4. The apparatus of claim 3, further comprising a similarity calculator configured to calculate a degree of similarity between a first image and a second image using a first image feature vector and a first text object feature matrix, which are generated from the first image, and a second image feature vector and a second text object feature matrix, which are generated from the second image.

5. The apparatus of claim 4, wherein the similarity calculator is configured to calculate the degree of similarity using a first similarity between the first image feature vector and the second image feature vector and a second similarity between the first text object feature matrix and the second text object feature matrix.

6. The apparatus of claim 5, wherein the similarity calculator is configured to calculate the first similarity using one of inner product and Euclidean distance between the first image feature vector and the second image feature vector.

7. The apparatus of claim 5, wherein the similarity calculator is configured to calculate the second similarity using a maximum value among elements of a matrix resulting from multiplying the first text object feature matrix by a transposed matrix of the second text object feature matrix.

8. The apparatus of claim 5, wherein the similarity calculator is configured to calculate the degree of similarity between the first image and the second image by applying a weight to each of the first similarity and the second similarity.

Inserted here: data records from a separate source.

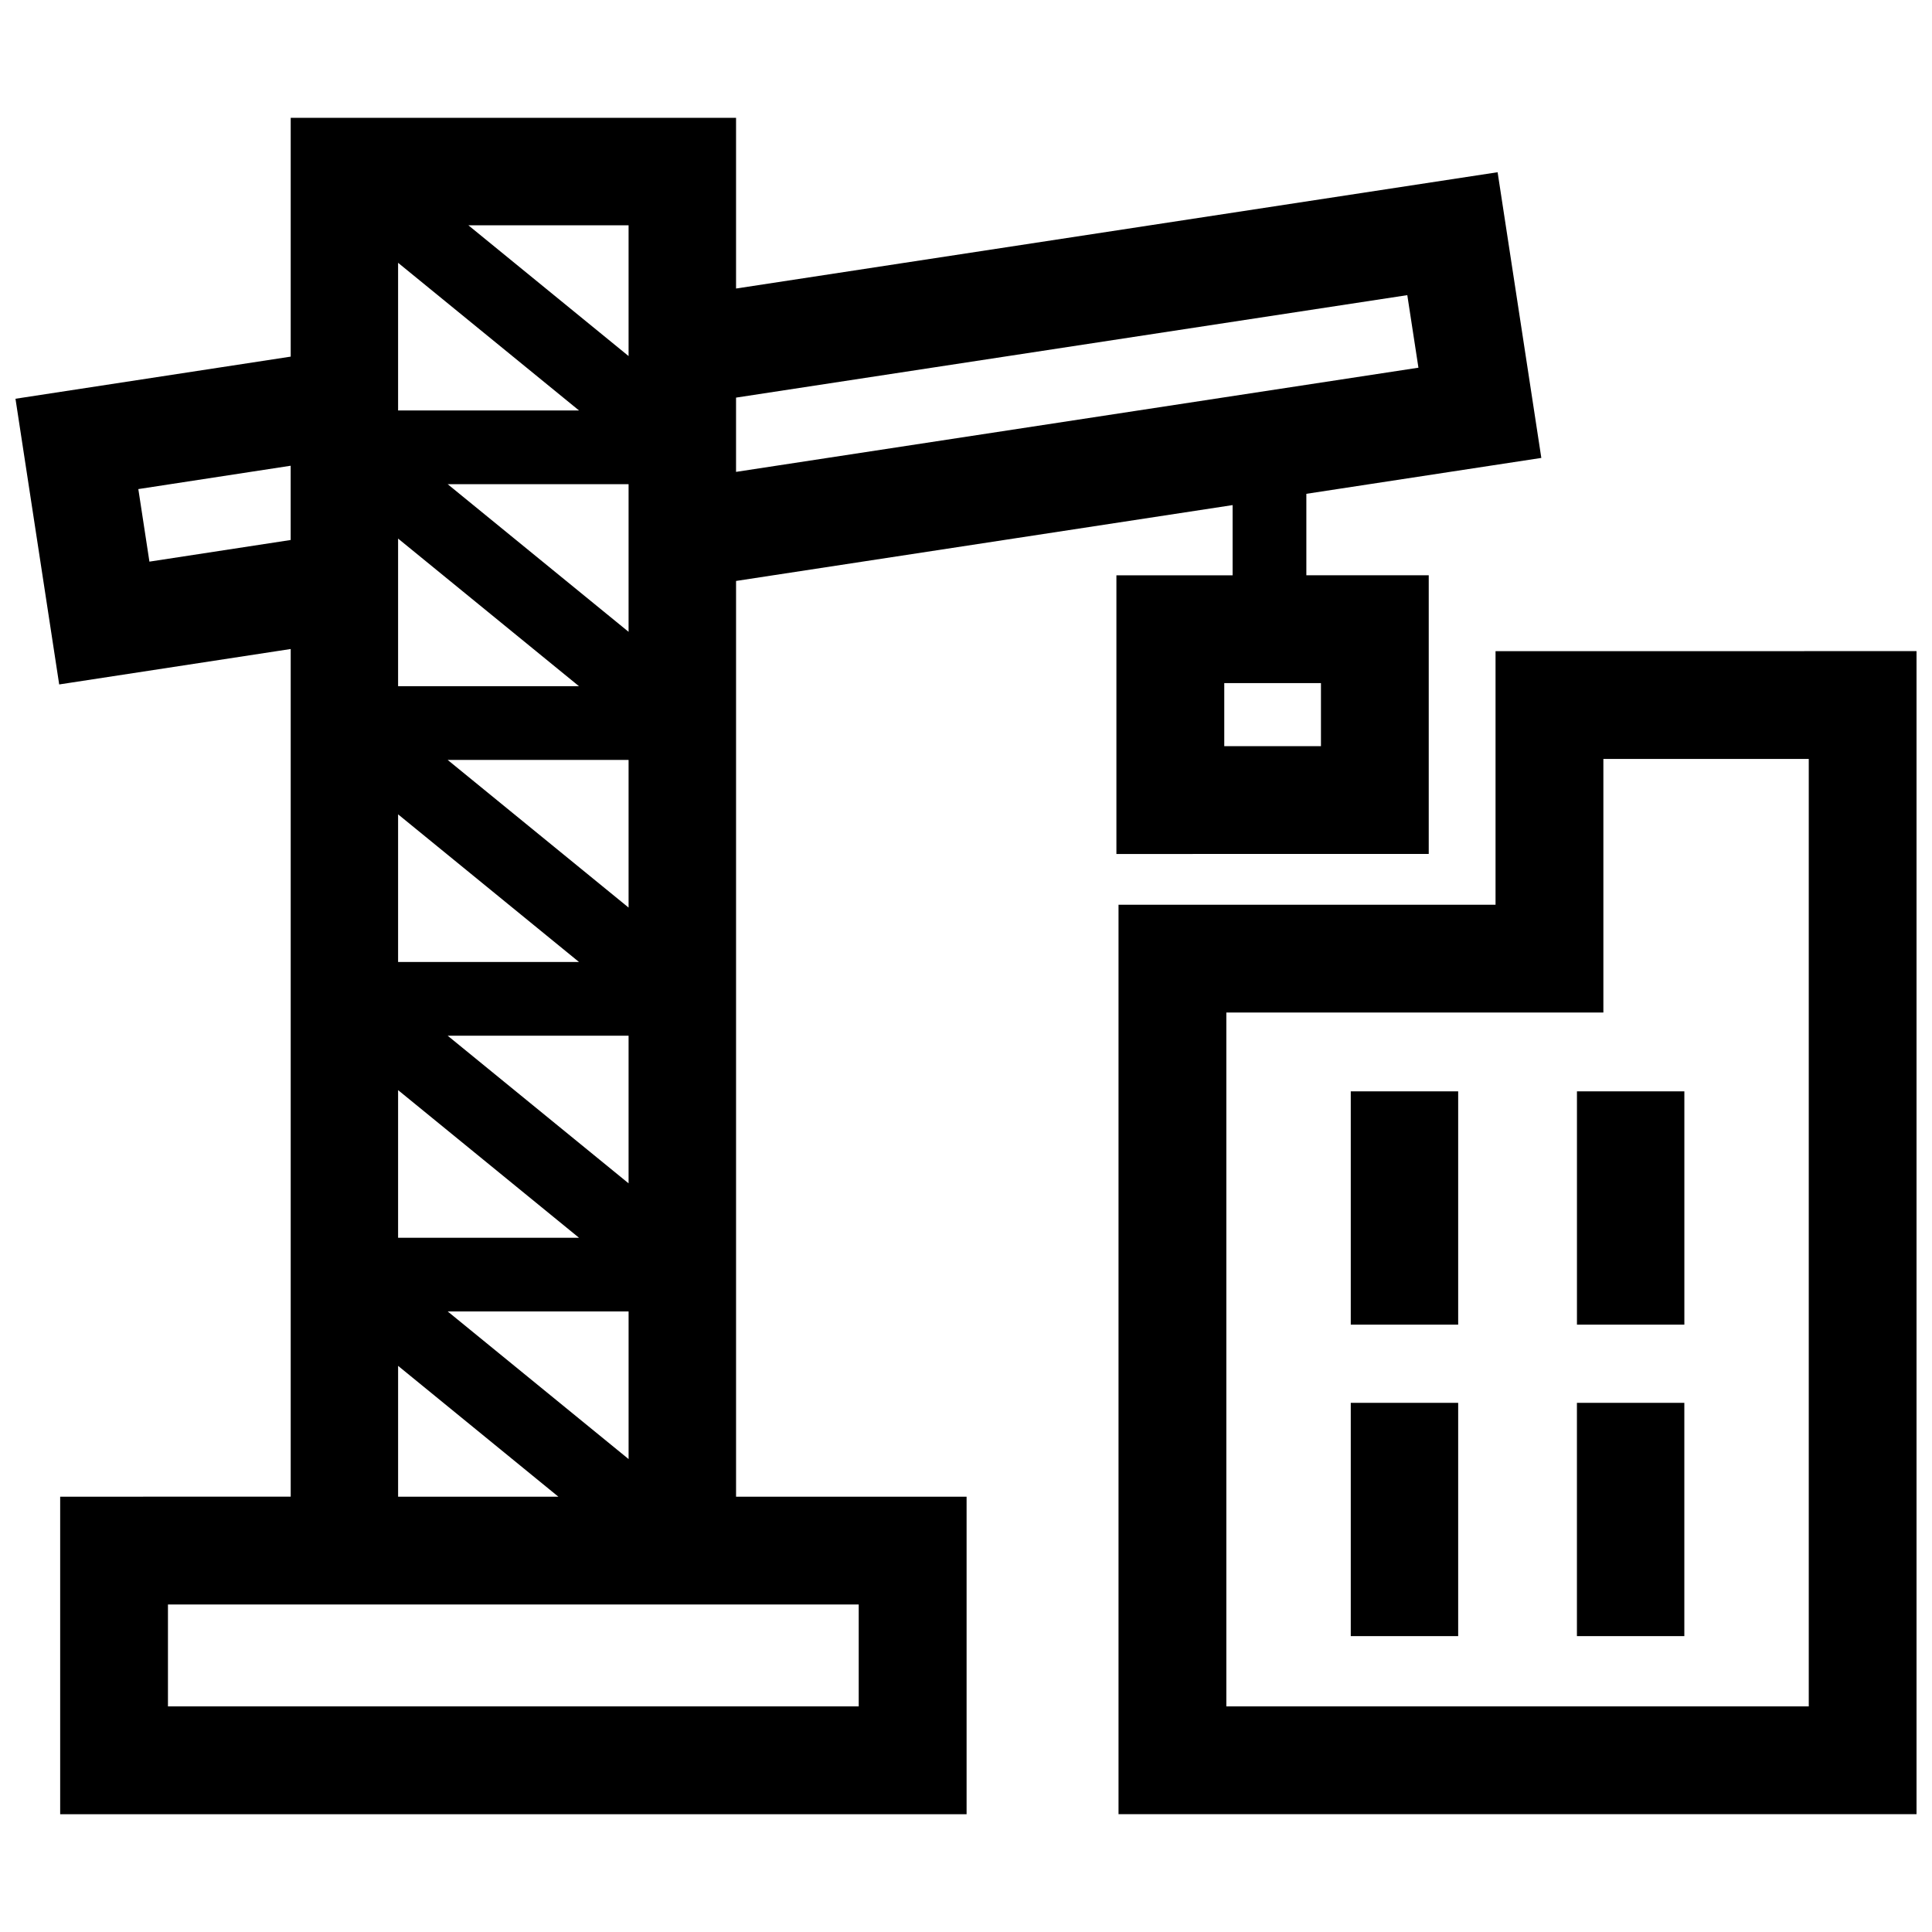 <?xml version="1.0" encoding="UTF-8"?>
<!-- Uploaded to: SVG Repo, www.svgrepo.com, Generator: SVG Repo Mixer Tools -->
<svg width="800px" height="800px" version="1.1" viewBox="144 144 512 512" xmlns="http://www.w3.org/2000/svg">
 <defs>
  <clipPath id="a">
   <path d="m148.09 175h503.81v450h-503.81z"/>
  </clipPath>
 </defs>
 <g clip-path="url(#a)">
  <path d="m310.58 203.7v34.66l-42.461-34.66zm-13.141 49.07h-47.941v-39.125zm-47.941 33.957 47.941 39.125h-47.941zm0 73.082 47.941 39.125h-47.941zm61.082-14.418v39.125l-47.941-39.125zm-61.082 87.5 47.941 39.125h-47.941zm61.082-14.418v39.125l-47.941-39.125zm-89.547-151.05v19.68l-37.434 5.734-2.941-19.227zm89.547 4.891v39.125l-47.941-39.125zm-122.07 296.89h183.06v27.004h-183.06zm60.992-63.238 42.473 34.672h-42.473zm13.141-14.422h47.941v39.125zm205.8-166.51h25.625v16.707h-25.625zm51.457-83.59-180.84 27.609v-19.68l177.89-27.156zm49.012 170.89v-67.207h54.43v251.08h-154.35v-183.87zm-28.578-95.773v67.207h-99.914v241.01h211.49v-308.22zm50.039 116.66h-28.465v61.816h28.465zm-59.941 61.82v-61.816h-28.465v61.816zm0 20.727h-28.465v61.816h28.465zm31.469 0v61.816h28.465v-61.816zm-39.27-145.46v-73.848h-32.434v-21.594l62.27-9.512-11.586-75.711-201.82 30.82v-45.242h-118.02v63.289l-72.941 11.164 11.586 75.711 61.355-9.391v224.64l-61.094 0.004v84.145h240.21v-84.145h-61.094v-242.68l131.59-20.102v18.609h-30.793v73.848z" fill-rule="evenodd"/>
 </g>
</svg>

9. A method of calculating a similarity of images, comprising:

extracting an image feature vector from an image;

detecting one or more text object regions included in the image;

extracting a text image feature vector from each of the detected text object regions;

recognizing text from each of the text object regions and extracting a text semantic feature vector from the recognized text; and

generating a text object feature vector from the text image feature vector and the text semantic feature vector, which are extracted from the same text object region.

10. The method of claim 9, wherein the generating of the text object feature vector comprises generating the text object feature vector by concatenating the text image feature vector and the text semantic feature vector.

11. The method of claim 9, wherein the generating of the text object feature vector comprises, when a plurality of the text object regions are detected by the text region detection module, generating a text object feature matrix that has a text feature vector generated from each text object region as a row.

12. The method of claim 11, further comprising, after the generating of the text object feature vector, calculating a degree of similarity between a first image and a second image using a first image feature vector and a first text object feature matrix, which are generated from the first image, and a second image feature vector and a second text object feature matrix, which are generated from the second image.

13. The method of claim 12, wherein the calculating of the degree of similarity comprises calculating the degree of similarity using a first similarity between the first image feature vector and the second image feature vector and a second similarity between the first text object feature matrix and the second text object feature matrix.

14. The method of claim 13, wherein the calculating of the degree of similarity comprises calculating the first similarity using one of inner product and Euclidean distance between the first image feature vector and the second image feature vector.

15. The method of claim 13, wherein the calculating of the degree of similarity comprises calculating the second similarity using a maximum value among elements of a matrix resulting from multiplying the first text object feature matrix by a transposed matrix of the second text object feature matrix.

16. The method of claim 13, wherein the calculating of the degree of similarity comprises calculating the degree of similarity between the first image and the second image by applying a weight to each of the first similarity and the second similarity.